* [Task directions]
Using the data below, report how many lines hold the word "clipPath". Include nothing else in the reply.

* [Data supplied]
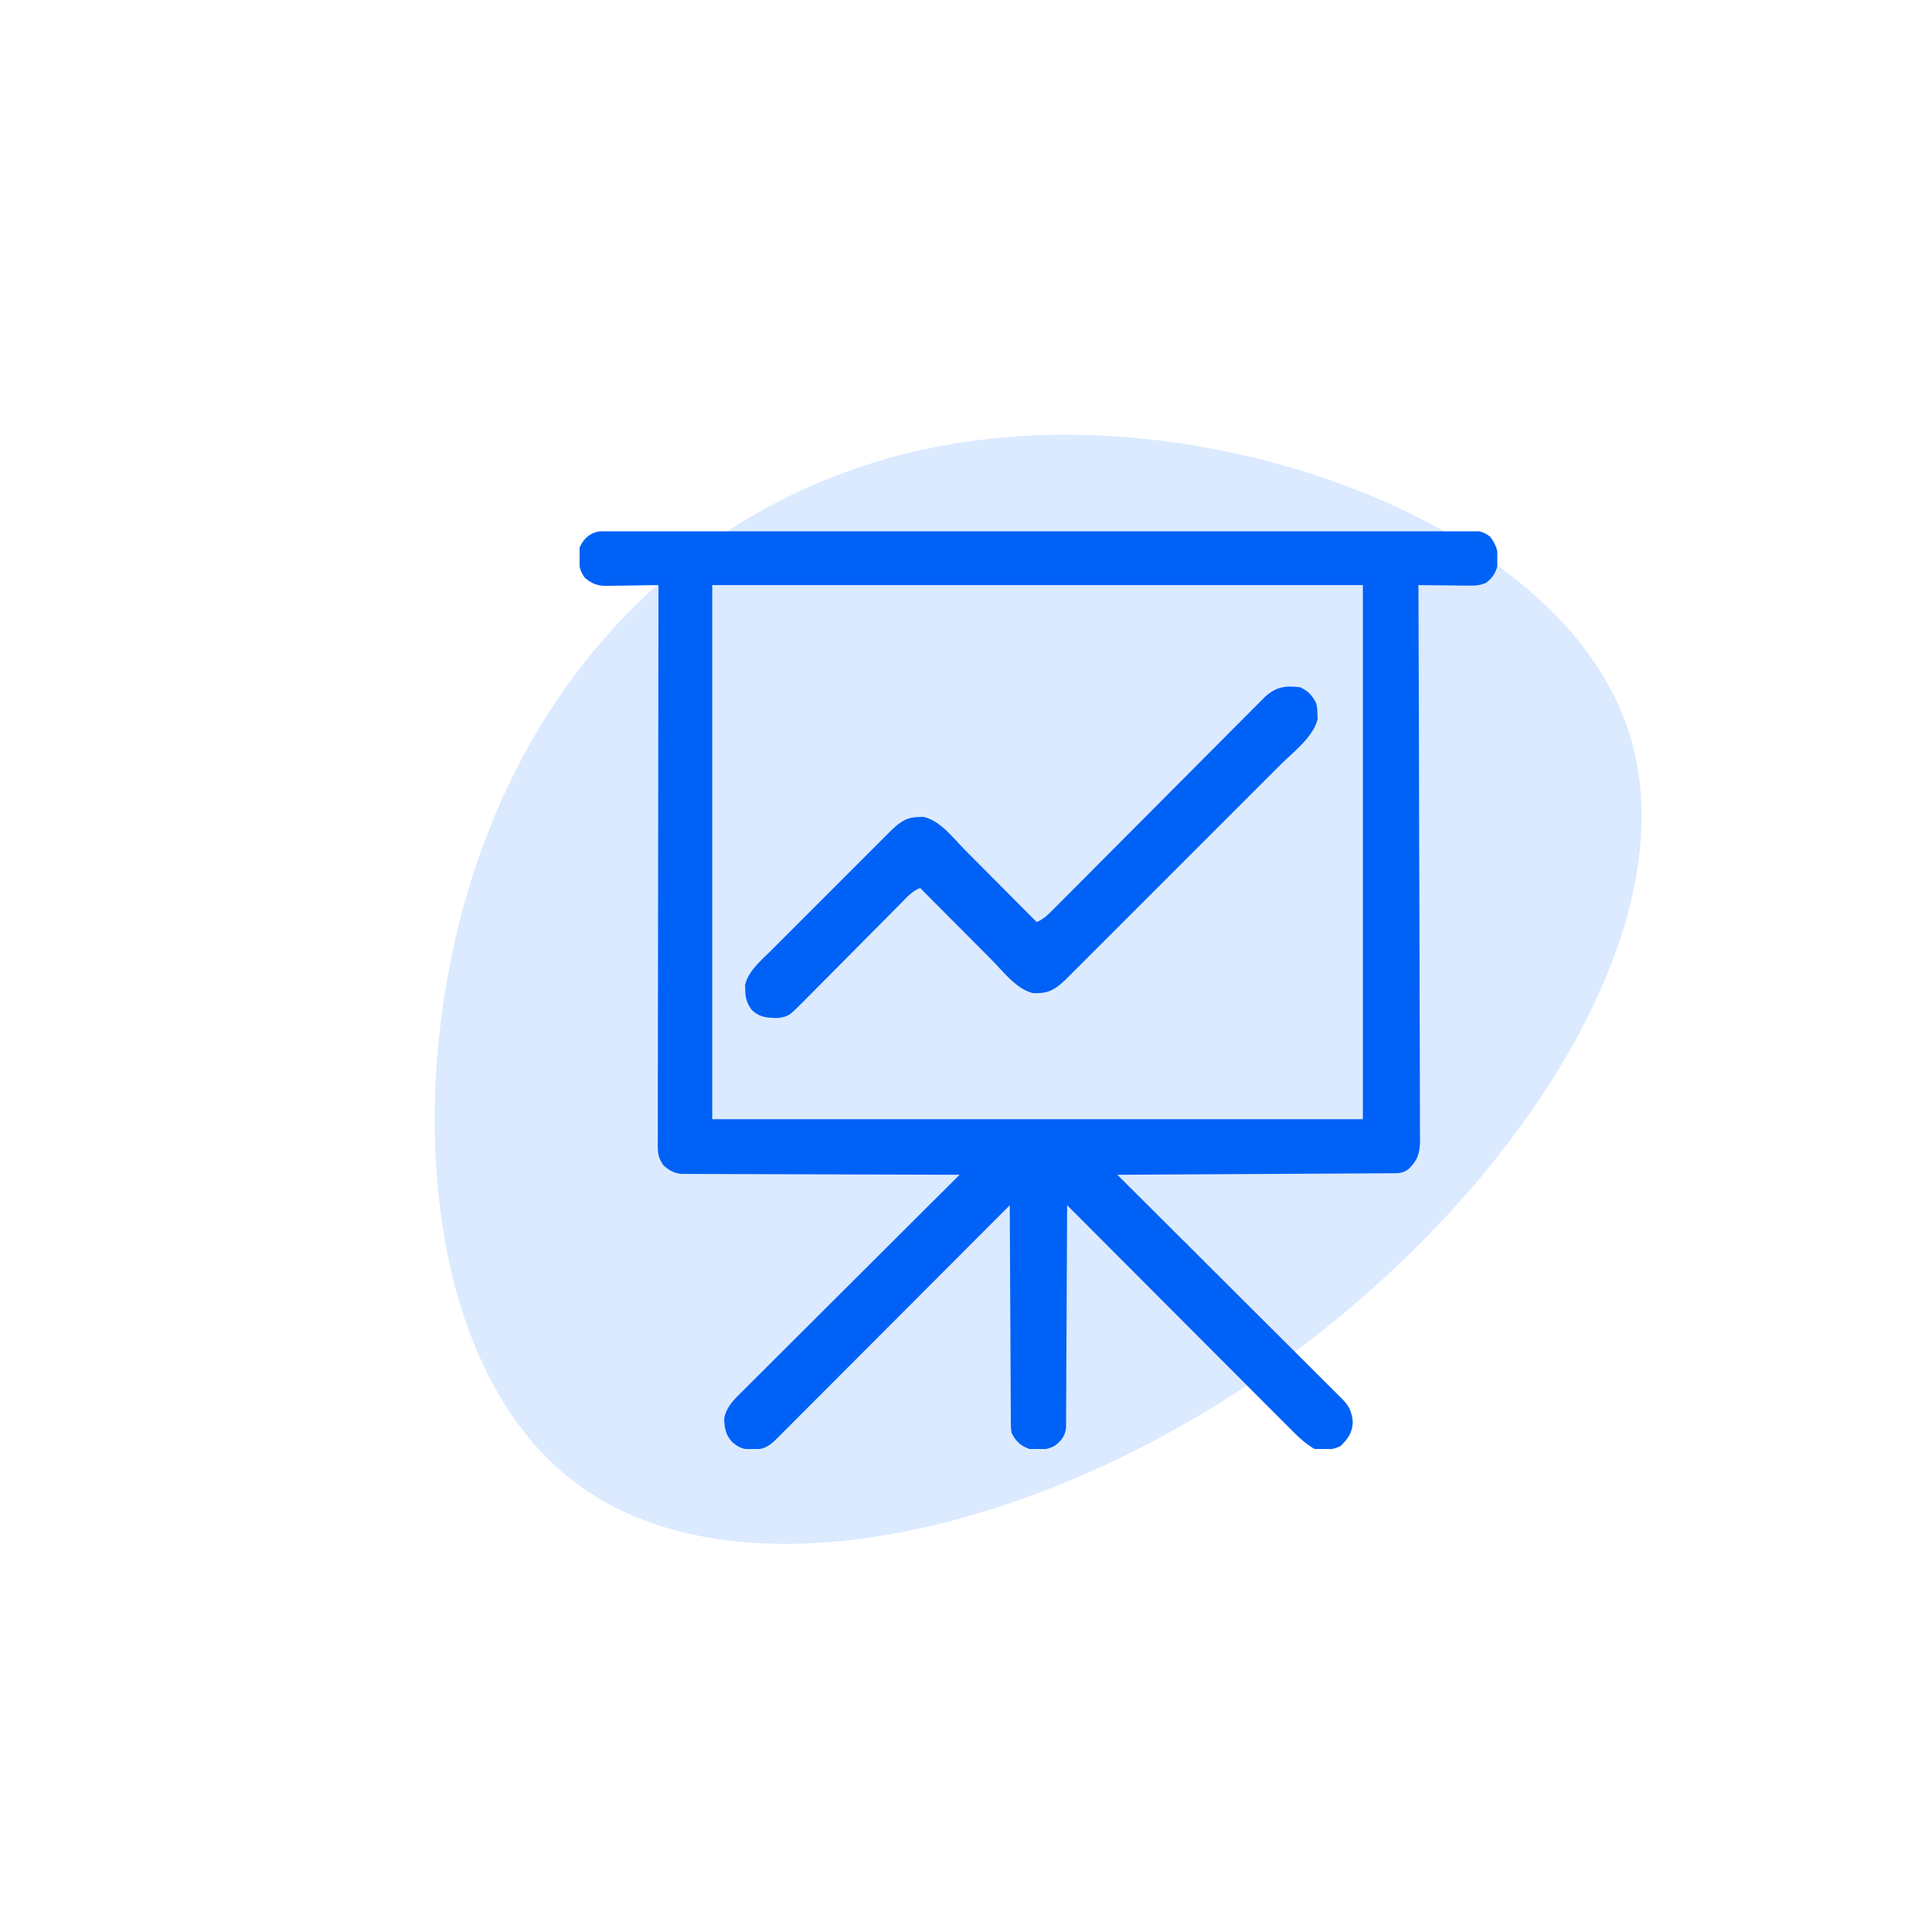 <svg width="80" height="80" viewBox="0 0 80 80" fill="none" xmlns="http://www.w3.org/2000/svg">
<path d="M67.453 30.324C70.053 38.444 62.573 49.684 52.693 56.644C42.773 63.644 30.453 66.324 23.893 61.444C17.333 56.604 16.533 44.204 20.093 34.764C23.653 25.324 31.613 18.844 41.893 18.084C52.213 17.284 64.853 22.244 67.453 30.324Z" fill="#DBEAFF"/>
<g clip-path="url(#clip0_1039_3373)">
<path d="M25.285 21.972C25.348 21.972 25.41 21.971 25.474 21.971C25.683 21.97 25.893 21.971 26.102 21.972C26.253 21.971 26.405 21.971 26.556 21.971C26.972 21.97 27.389 21.97 27.805 21.971C28.254 21.971 28.703 21.971 29.152 21.97C29.981 21.969 30.809 21.969 31.638 21.97C32.404 21.97 33.169 21.97 33.935 21.97C33.986 21.97 34.036 21.97 34.089 21.97C34.295 21.97 34.501 21.97 34.707 21.97C36.64 21.969 38.573 21.97 40.506 21.971C42.224 21.972 43.942 21.972 45.66 21.971C47.589 21.97 49.519 21.969 51.448 21.97C51.654 21.97 51.86 21.97 52.065 21.97C52.116 21.97 52.167 21.97 52.219 21.97C52.984 21.971 53.749 21.97 54.514 21.97C55.384 21.969 56.254 21.969 57.124 21.97C57.568 21.971 58.012 21.971 58.456 21.97C58.862 21.97 59.268 21.97 59.674 21.971C59.822 21.971 59.969 21.971 60.116 21.971C60.316 21.97 60.515 21.971 60.715 21.972C60.773 21.971 60.83 21.971 60.89 21.97C61.224 21.974 61.438 22.015 61.703 22.223C61.973 22.58 62.048 22.856 62.029 23.304C61.973 23.656 61.83 23.905 61.545 24.128C61.27 24.255 61.024 24.255 60.728 24.248C60.67 24.248 60.613 24.248 60.554 24.247C60.373 24.246 60.191 24.243 60.01 24.24C59.887 24.239 59.763 24.238 59.64 24.237C59.338 24.235 59.036 24.231 58.734 24.227C58.735 24.276 58.735 24.326 58.735 24.378C58.747 27.333 58.756 30.289 58.761 33.245C58.762 33.599 58.762 33.954 58.763 34.309C58.763 34.38 58.763 34.451 58.763 34.523C58.766 35.667 58.77 36.811 58.775 37.955C58.779 39.129 58.782 40.303 58.783 41.477C58.784 42.201 58.786 42.925 58.791 43.65C58.793 44.147 58.794 44.643 58.793 45.14C58.793 45.426 58.794 45.713 58.796 46C58.799 46.31 58.798 46.621 58.797 46.932C58.798 47.023 58.8 47.113 58.801 47.206C58.795 47.732 58.719 48.018 58.341 48.393C58.094 48.594 57.914 48.58 57.601 48.582C57.552 48.582 57.504 48.583 57.454 48.583C57.292 48.584 57.129 48.585 56.966 48.586C56.85 48.586 56.734 48.587 56.617 48.588C56.301 48.59 55.985 48.591 55.669 48.593C55.338 48.594 55.008 48.596 54.677 48.598C54.052 48.602 53.426 48.605 52.8 48.609C52.087 48.612 51.375 48.616 50.663 48.62C49.197 48.629 47.731 48.637 46.266 48.645C46.315 48.694 46.364 48.742 46.415 48.793C47.611 49.985 48.808 51.177 50.003 52.37C50.581 52.947 51.159 53.524 51.738 54.1C52.243 54.602 52.747 55.105 53.25 55.608C53.517 55.874 53.784 56.141 54.051 56.406C54.303 56.656 54.554 56.907 54.804 57.158C54.897 57.25 54.989 57.342 55.081 57.434C55.208 57.559 55.333 57.685 55.459 57.811C55.495 57.847 55.532 57.883 55.57 57.92C55.869 58.223 55.975 58.456 56.016 58.877C56.003 59.316 55.812 59.589 55.501 59.884C55.147 60.045 54.812 60.073 54.43 60C54.1 59.802 53.828 59.568 53.559 59.295C53.498 59.235 53.498 59.235 53.437 59.173C53.302 59.039 53.168 58.905 53.035 58.77C52.938 58.673 52.841 58.577 52.745 58.48C52.483 58.219 52.222 57.957 51.961 57.695C51.688 57.421 51.414 57.147 51.141 56.873C50.623 56.355 50.106 55.837 49.589 55.318C49 54.728 48.411 54.138 47.822 53.548C46.61 52.334 45.398 51.12 44.188 49.906C44.187 49.978 44.187 49.978 44.187 50.052C44.183 51.226 44.177 52.4 44.17 53.574C44.167 54.142 44.164 54.709 44.162 55.277C44.16 55.772 44.158 56.266 44.154 56.761C44.153 57.023 44.151 57.285 44.151 57.547C44.15 57.84 44.148 58.132 44.145 58.425C44.145 58.511 44.146 58.598 44.146 58.688C44.144 58.807 44.144 58.807 44.143 58.929C44.143 58.999 44.142 59.068 44.142 59.139C44.09 59.487 43.94 59.666 43.663 59.875C43.328 60.048 42.998 60.059 42.629 60C42.265 59.873 42.057 59.676 41.887 59.332C41.858 59.139 41.858 59.139 41.857 58.929C41.856 58.85 41.855 58.77 41.854 58.688C41.855 58.601 41.855 58.514 41.855 58.425C41.853 58.287 41.853 58.287 41.852 58.146C41.85 57.894 41.85 57.643 41.849 57.391C41.849 57.128 41.847 56.865 41.845 56.602C41.842 56.103 41.839 55.605 41.838 55.107C41.836 54.54 41.832 53.973 41.829 53.406C41.822 52.239 41.817 51.073 41.812 49.906C41.762 49.957 41.711 50.008 41.658 50.061C40.418 51.304 39.178 52.547 37.938 53.789C37.338 54.389 36.738 54.99 36.139 55.591C35.616 56.115 35.094 56.639 34.571 57.162C34.294 57.439 34.017 57.716 33.74 57.994C33.48 58.255 33.22 58.516 32.959 58.776C32.863 58.872 32.768 58.968 32.672 59.064C32.542 59.195 32.411 59.326 32.281 59.456C32.243 59.494 32.205 59.533 32.166 59.572C31.844 59.891 31.625 60.021 31.171 60.028C30.801 60.021 30.591 59.957 30.309 59.703C30.046 59.404 30.003 59.151 29.987 58.755C30.051 58.324 30.322 58.025 30.622 57.73C30.661 57.691 30.7 57.652 30.74 57.612C30.87 57.481 31.001 57.352 31.132 57.222C31.225 57.128 31.319 57.035 31.413 56.941C31.666 56.687 31.921 56.434 32.175 56.181C32.441 55.916 32.707 55.651 32.972 55.386C33.475 54.884 33.978 54.383 34.482 53.881C35.055 53.311 35.627 52.739 36.2 52.168C37.377 50.993 38.556 49.818 39.734 48.645C39.674 48.644 39.614 48.644 39.551 48.644C38.081 48.641 36.611 48.637 35.142 48.631C34.431 48.628 33.72 48.626 33.009 48.624C32.389 48.623 31.77 48.621 31.15 48.618C30.822 48.617 30.494 48.615 30.166 48.615C29.857 48.615 29.549 48.614 29.24 48.612C29.126 48.611 29.013 48.611 28.9 48.611C28.745 48.612 28.59 48.611 28.435 48.609C28.349 48.608 28.262 48.608 28.173 48.608C27.875 48.561 27.72 48.464 27.488 48.273C27.294 48.003 27.238 47.818 27.238 47.487C27.238 47.404 27.237 47.321 27.237 47.235C27.238 47.098 27.238 47.098 27.239 46.959C27.239 46.862 27.238 46.765 27.238 46.665C27.238 46.396 27.239 46.127 27.24 45.858C27.241 45.567 27.241 45.277 27.24 44.987C27.24 44.484 27.241 43.981 27.242 43.478C27.244 42.751 27.244 42.024 27.245 41.297C27.245 40.118 27.247 38.938 27.249 37.759C27.251 36.613 27.253 35.467 27.253 34.322C27.253 34.251 27.254 34.18 27.254 34.108C27.254 33.753 27.254 33.399 27.255 33.045C27.257 30.105 27.261 27.166 27.266 24.227C27.189 24.228 27.113 24.23 27.034 24.231C26.75 24.237 26.465 24.24 26.18 24.243C26.057 24.244 25.934 24.246 25.811 24.249C25.634 24.253 25.457 24.254 25.28 24.256C25.198 24.258 25.198 24.258 25.114 24.26C24.731 24.26 24.518 24.171 24.223 23.93C23.922 23.542 23.943 23.139 24 22.668C24.278 22.081 24.67 21.966 25.285 21.972ZM29.492 24.227C29.492 31.525 29.492 38.824 29.492 46.344C38.383 46.344 47.274 46.344 56.434 46.344C56.434 39.045 56.434 31.746 56.434 24.227C47.543 24.227 38.652 24.227 29.492 24.227Z" fill="#0061F6"/>
<path d="M53.836 28.457C54.179 28.62 54.334 28.791 54.504 29.125C54.544 29.333 54.544 29.333 54.55 29.552C54.554 29.623 54.558 29.695 54.562 29.769C54.384 30.52 53.538 31.151 53.006 31.681C52.907 31.78 52.808 31.879 52.709 31.979C52.443 32.246 52.175 32.513 51.908 32.78C51.628 33.06 51.348 33.34 51.068 33.62C50.598 34.09 50.128 34.56 49.657 35.03C49.114 35.573 48.571 36.116 48.028 36.66C47.561 37.127 47.094 37.594 46.627 38.061C46.348 38.34 46.07 38.618 45.791 38.897C45.53 39.159 45.268 39.421 45.005 39.682C44.91 39.778 44.814 39.874 44.718 39.97C44.587 40.101 44.455 40.232 44.324 40.363C44.286 40.401 44.249 40.439 44.21 40.478C43.85 40.834 43.531 41.116 43.009 41.121C42.938 41.123 42.866 41.126 42.792 41.128C42.091 40.969 41.549 40.236 41.059 39.741C40.973 39.655 40.887 39.569 40.802 39.483C40.578 39.259 40.355 39.034 40.131 38.809C39.903 38.579 39.673 38.349 39.444 38.12C38.996 37.67 38.549 37.22 38.102 36.77C37.777 36.894 37.567 37.137 37.328 37.38C37.281 37.427 37.234 37.474 37.186 37.523C37.084 37.626 36.982 37.729 36.88 37.832C36.718 37.995 36.557 38.158 36.395 38.32C35.993 38.724 35.592 39.129 35.19 39.534C34.851 39.876 34.512 40.218 34.172 40.559C34.013 40.719 33.855 40.879 33.696 41.04C33.598 41.138 33.5 41.237 33.402 41.335C33.358 41.38 33.314 41.424 33.269 41.47C32.662 42.078 32.662 42.078 32.238 42.153C31.785 42.148 31.47 42.144 31.125 41.816C30.932 41.544 30.867 41.347 30.861 41.014C30.858 40.941 30.854 40.869 30.851 40.794C30.975 40.214 31.523 39.764 31.931 39.359C32.016 39.273 32.016 39.273 32.102 39.186C32.288 39 32.474 38.814 32.661 38.628C32.791 38.498 32.921 38.368 33.05 38.238C33.322 37.966 33.594 37.695 33.866 37.423C34.215 37.076 34.562 36.727 34.91 36.379C35.178 36.11 35.446 35.842 35.715 35.574C35.843 35.446 35.971 35.318 36.099 35.189C36.279 35.01 36.458 34.831 36.638 34.652C36.691 34.599 36.743 34.545 36.798 34.491C37.172 34.12 37.463 33.844 38.014 33.833C38.122 33.828 38.122 33.828 38.233 33.824C38.935 33.974 39.48 34.714 39.969 35.208C40.054 35.294 40.14 35.38 40.226 35.466C40.45 35.69 40.673 35.915 40.896 36.14C41.125 36.37 41.354 36.6 41.583 36.83C42.031 37.279 42.479 37.729 42.926 38.18C43.213 38.062 43.394 37.878 43.611 37.66C43.649 37.622 43.687 37.584 43.727 37.544C43.854 37.416 43.982 37.288 44.109 37.16C44.2 37.068 44.292 36.976 44.384 36.884C44.581 36.686 44.778 36.489 44.975 36.291C45.286 35.977 45.597 35.665 45.909 35.352C46.628 34.632 47.345 33.911 48.062 33.191C48.72 32.53 49.377 31.87 50.035 31.21C50.346 30.9 50.655 30.589 50.964 30.277C51.157 30.084 51.35 29.89 51.543 29.697C51.632 29.608 51.721 29.518 51.81 29.428C51.932 29.305 52.054 29.183 52.177 29.061C52.245 28.992 52.313 28.923 52.383 28.853C52.846 28.433 53.226 28.383 53.836 28.457Z" fill="#0061F6"/>
</g>
<defs>
<clipPath id="clip0_1039_3373">
<rect width="38" height="38" fill="white" transform="translate(24 22)"/>
</clipPath>
</defs>
</svg>

* [Exercise answer]
2